Lesson 8 - Official topic

ilovescience · May 6, 2020, 2:39am

Fastbook chapter 10 questionnaire solutions:

Compare your answers or feel free to contribute!

erinjerri · May 6, 2020, 2:39am

@rachel’s SciPy 2019 Keynote: https://www.youtube.com/watch?v=KChtdexd5Jo

rachel · May 6, 2020, 2:39am

Regarding this threat for using advanced language models to manipulate public opinion, I covered this in more detail in my SciPy keynote last summer:

Edited to add: the first half is a high-level overview of the use of transfer learning in NLP (which will be review for you now) and 2nd half is on risks for manipulating public opinion, disinfo, etc.

MJB · May 6, 2020, 2:41am

In the previous lesson MNIST example, you showed us that “under the hood” the model was learning parts of the image, like curves of a 3 or angles of a 7.
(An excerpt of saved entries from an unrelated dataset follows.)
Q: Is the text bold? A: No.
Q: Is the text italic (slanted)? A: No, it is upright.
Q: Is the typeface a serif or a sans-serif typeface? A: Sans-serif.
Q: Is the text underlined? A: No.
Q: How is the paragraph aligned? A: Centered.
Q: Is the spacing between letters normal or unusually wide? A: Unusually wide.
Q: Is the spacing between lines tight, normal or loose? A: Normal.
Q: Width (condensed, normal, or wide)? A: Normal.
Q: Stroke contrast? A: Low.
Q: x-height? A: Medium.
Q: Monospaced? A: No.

Is there a way to look under the hood of the language models to see if they are learning rules of grammar/syntax?

Would it be a good idea to fine tune models with examples of domain specific grammar/syntax (like technical manuals) or does that miss the point of having the model learn for themselves?

ilovescience · May 6, 2020, 2:46am

It seems some people are interested in NLP model intepretability.
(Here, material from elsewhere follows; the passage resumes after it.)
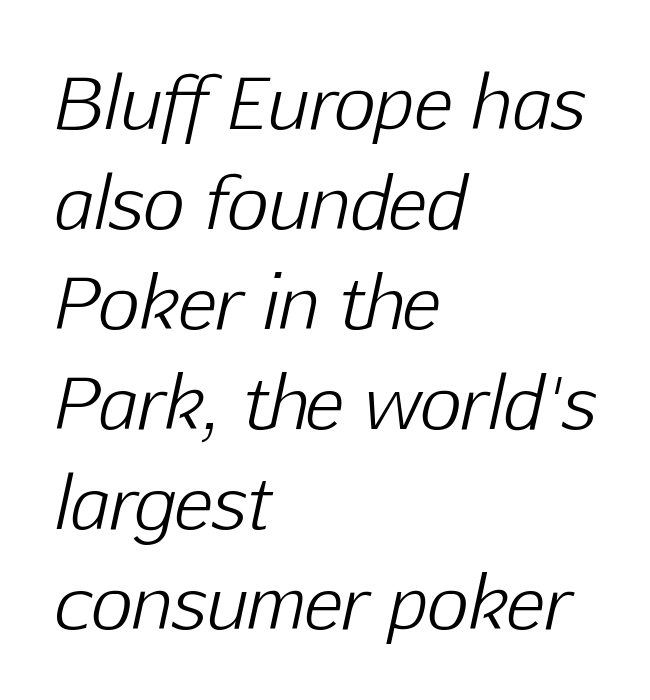
{"italic": "yes", "lean": "right", "slant_degrees": 12, "bold": "no", "weight": "light", "width": "normal", "stroke_contrast": "low", "x_height": "medium", "monospaced": "no", "underline": "no", "align": "left", "line_spacing": "normal", "line_spacing_ratio": 1.39, "letter_spacing": "normal", "letter_spacing_em": 0.0, "glyph_px": 72}

Again, PyTorch Captum seems to be an amazing tool for studying this.

They even have an example for text classification over here

It seems there is a fastai2 callback for ResNet interpretation using Captum over here. Maybe this could be useful for doing something similar with NLP models?

Additionally, fastai v1 had an NLP interpretation class over here

ilovescience · May 6, 2020, 2:47am

Again Rachel’s mic is breaking up

jwuphysics · May 6, 2020, 2:47am

I don’t know NLP too well, but from what I understand, there is a debate in the literature about whether attention layers serve as explanations. Note that attention in NLP gave rise to the popular Transformer models (entitled Attention Is All You Need).

For example,

gamino · May 6, 2020, 2:48am

Now is better - the mic

victor.vargas · May 6, 2020, 2:48am

it actually sounds like robotic a little bit or with noise

giacomov · May 6, 2020, 2:49am

One thing that it’s useful is to look at the embedding: you can for example see that words with similar or connected meaning are close to each other in the embedding space. That’s a sign that the model has learned these connections.

jcatanza · May 6, 2020, 2:53am

Can we get data augmentation by asking our language model to translate a database of sentences from English to English?

Raymond-Wu · May 6, 2020, 2:54am

What do you mean English => English? I would think there’s no translation being done

jwuphysics · May 6, 2020, 2:54am

Seems like a neat idea, but where would you find this database? That’s often the problem with bootstrapping these kinds of projects.

ilovescience · May 6, 2020, 2:54am

English to an intermediate language and back to English is often done for NLP data augmentation.

jcatanza · May 6, 2020, 2:55am

My guess is that the gain was too high, causing the mic to saturate, which gives rise to distortion.

steef · May 6, 2020, 2:55am

Is there a way to speed up fine tuning the NLP model? 10+ minutes per epoch slows down the iterative process quite a bit… Any best practices/tips?

–
Edit for other students in a similar situation: FYI it took me 26 minutes to train the first epoch. I’m on Google Cloud with almost exactly the recommended setup. – Curious what others were seeing?

ilovescience · May 6, 2020, 2:55am

The simplest thing without changing the dataset is to try mixed precision maybe? learn.to_fp16()

sgugger · May 6, 2020, 2:55am

Use a smaller dataset. Imdb is huge.

jcatanza · May 6, 2020, 2:56am

Right. But my question is would translating English directly to English also work?

ilovescience · May 6, 2020, 2:58am

But would any translation service actually do anything? I have never checked this actually, but I assume they will just give you back the same text.